*RECORDS SUPPLIED*:

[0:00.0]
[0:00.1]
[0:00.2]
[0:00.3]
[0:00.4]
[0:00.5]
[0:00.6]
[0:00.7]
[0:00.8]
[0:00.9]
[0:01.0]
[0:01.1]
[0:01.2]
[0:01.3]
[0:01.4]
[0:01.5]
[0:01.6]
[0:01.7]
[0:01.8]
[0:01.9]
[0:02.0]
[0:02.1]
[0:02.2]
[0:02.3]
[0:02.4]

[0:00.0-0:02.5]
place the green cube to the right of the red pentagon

*EXERCISE REQUIREMENTS*:
Your output must be an exact copy of every entry.

*OUTPUT OF THE TASK*:
[0:00.0]
[0:00.1]
[0:00.2]
[0:00.3]
[0:00.4]
[0:00.5]
[0:00.6]
[0:00.7]
[0:00.8]
[0:00.9]
[0:01.0]
[0:01.1]
[0:01.2]
[0:01.3]
[0:01.4]
[0:01.5]
[0:01.6]
[0:01.7]
[0:01.8]
[0:01.9]
[0:02.0]
[0:02.1]
[0:02.2]
[0:02.3]
[0:02.4]

[0:00.0-0:02.5]
place the green cube to the right of the red pentagon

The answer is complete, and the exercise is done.